- Church: Episcopal Church
- Diocese: Utah
- In office: 1986–1996
- Predecessor: E. Otis Charles
- Successor: Carolyn Tanner Irish

Orders
- Ordination: 1959
- Consecration: 25 October 1986

Personal details
- Born: August 11, 1933 Binghamton, New York, United States
- Died: March 30, 1999 (aged 65) Medford, Oregon, United States
- Spouse: Sue Bates
- Children: 2

= George E. Bates (bishop) =

George Edmond Bates (11 August 1933 – 30 March 1999) was bishop of the Episcopal Diocese of Utah from 1986 to 1996.

==Biography==
He was born in Binghamton, New York on August 11, 1933. He received his bachelor's degree from Dartmouth College and his Master of Divinity degree from the Episcopal Theological School in Cambridge, Massachusetts.

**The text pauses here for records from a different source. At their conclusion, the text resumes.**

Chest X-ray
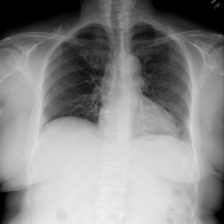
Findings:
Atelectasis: negative
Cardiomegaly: negative
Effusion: negative
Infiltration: negative
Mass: negative
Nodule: negative
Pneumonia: negative
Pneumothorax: negative
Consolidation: negative
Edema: negative
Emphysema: negative
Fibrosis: negative
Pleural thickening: negative
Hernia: negative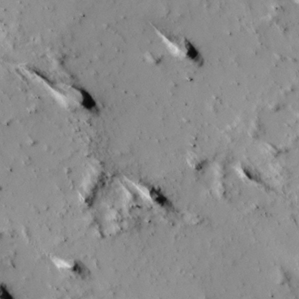
Label: non_frost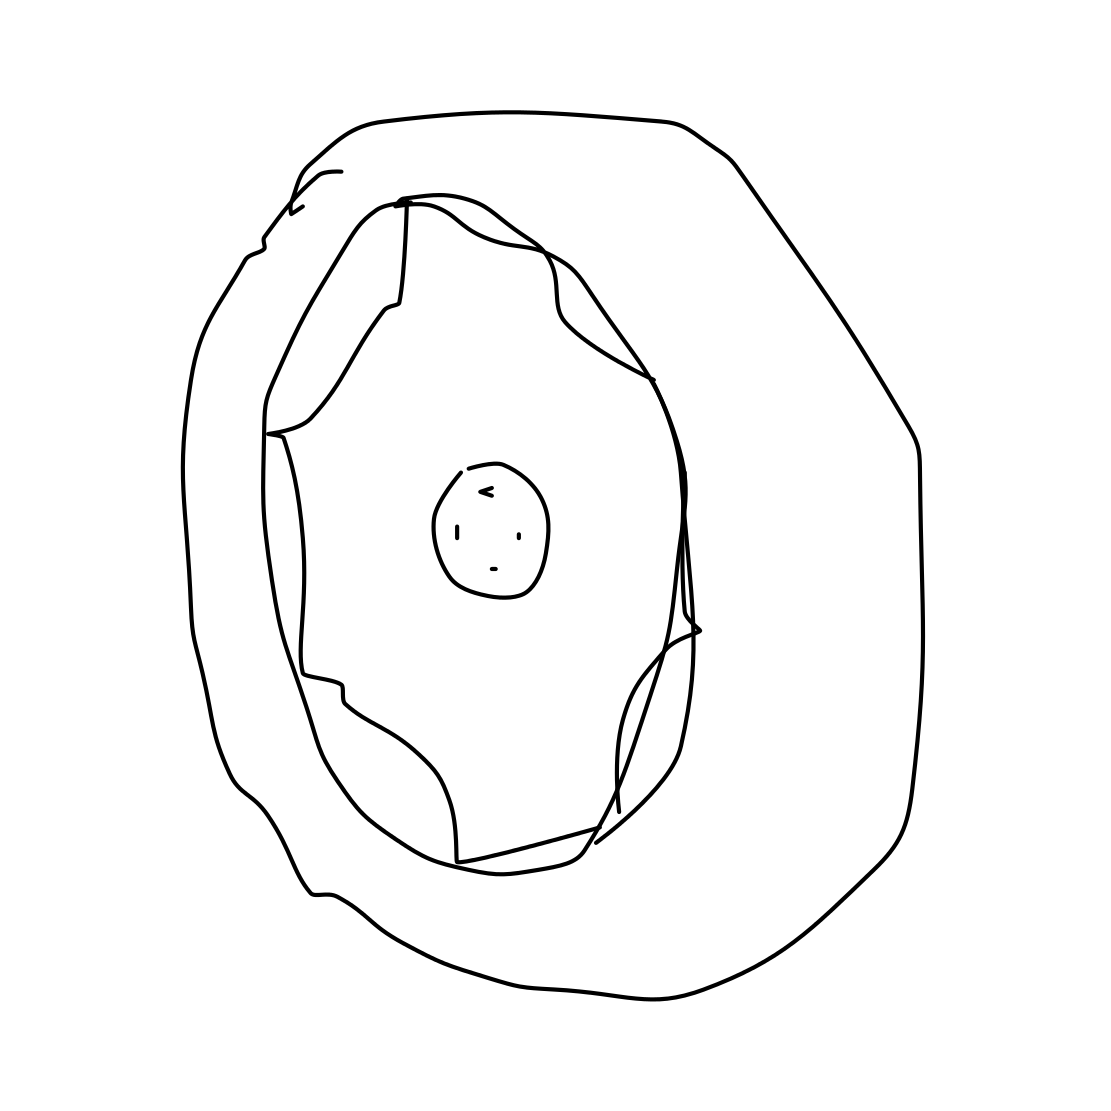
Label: tire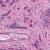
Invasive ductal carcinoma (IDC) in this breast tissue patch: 1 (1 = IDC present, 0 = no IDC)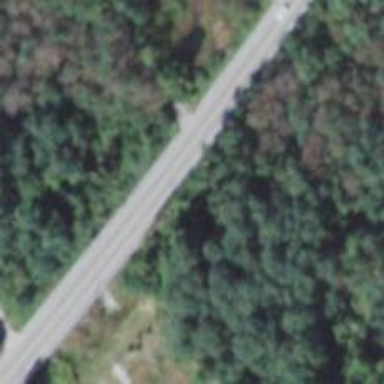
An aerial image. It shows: Primary highway.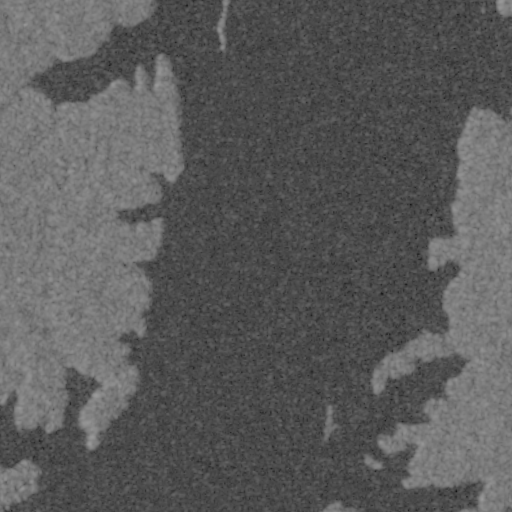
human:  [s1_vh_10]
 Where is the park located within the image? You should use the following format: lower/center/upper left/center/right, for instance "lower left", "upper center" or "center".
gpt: The park is located in the upper right of the image.
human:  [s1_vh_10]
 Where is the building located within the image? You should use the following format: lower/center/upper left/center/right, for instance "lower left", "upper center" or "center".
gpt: The building is located in the left of the image.
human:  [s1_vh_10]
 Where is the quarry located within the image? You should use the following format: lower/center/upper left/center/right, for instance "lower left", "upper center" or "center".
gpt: There is no quarry in the image.

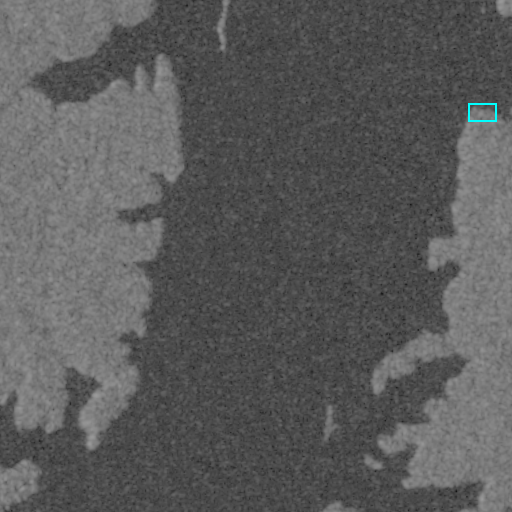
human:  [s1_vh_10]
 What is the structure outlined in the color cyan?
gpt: The structure outlined in cyan is a park.
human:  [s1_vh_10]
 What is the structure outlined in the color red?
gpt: There is no red outline.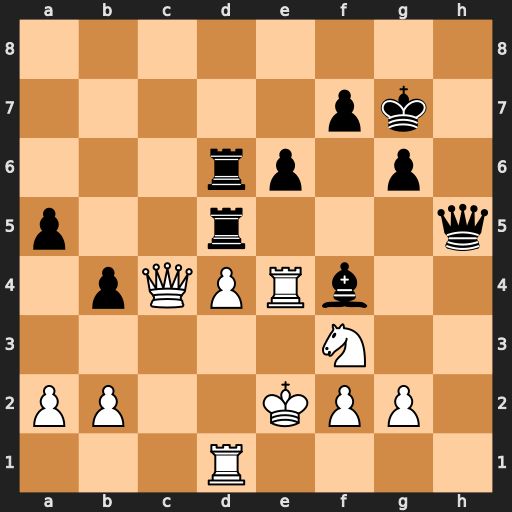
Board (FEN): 8/5pk1/3rp1p1/p2r3q/1pQPRb2/5N2/PP2KPP1/3R4
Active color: w
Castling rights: -
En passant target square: -
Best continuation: Rxf4 g5 Re4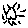
Label: sun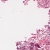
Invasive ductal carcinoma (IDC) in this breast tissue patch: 1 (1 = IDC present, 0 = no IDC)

He was ordained to the diaconate in June 1958 and to the priesthood in 1959. In 1986 he was elected as the ninth bishop of Utah and was consecrated on October 25. He retired his post in June 1996 and was succeeded by the Rt. Rev. Carolyn Tanner Irish.

Bates died of cancer on March 30, 1999, in Medford, Oregon.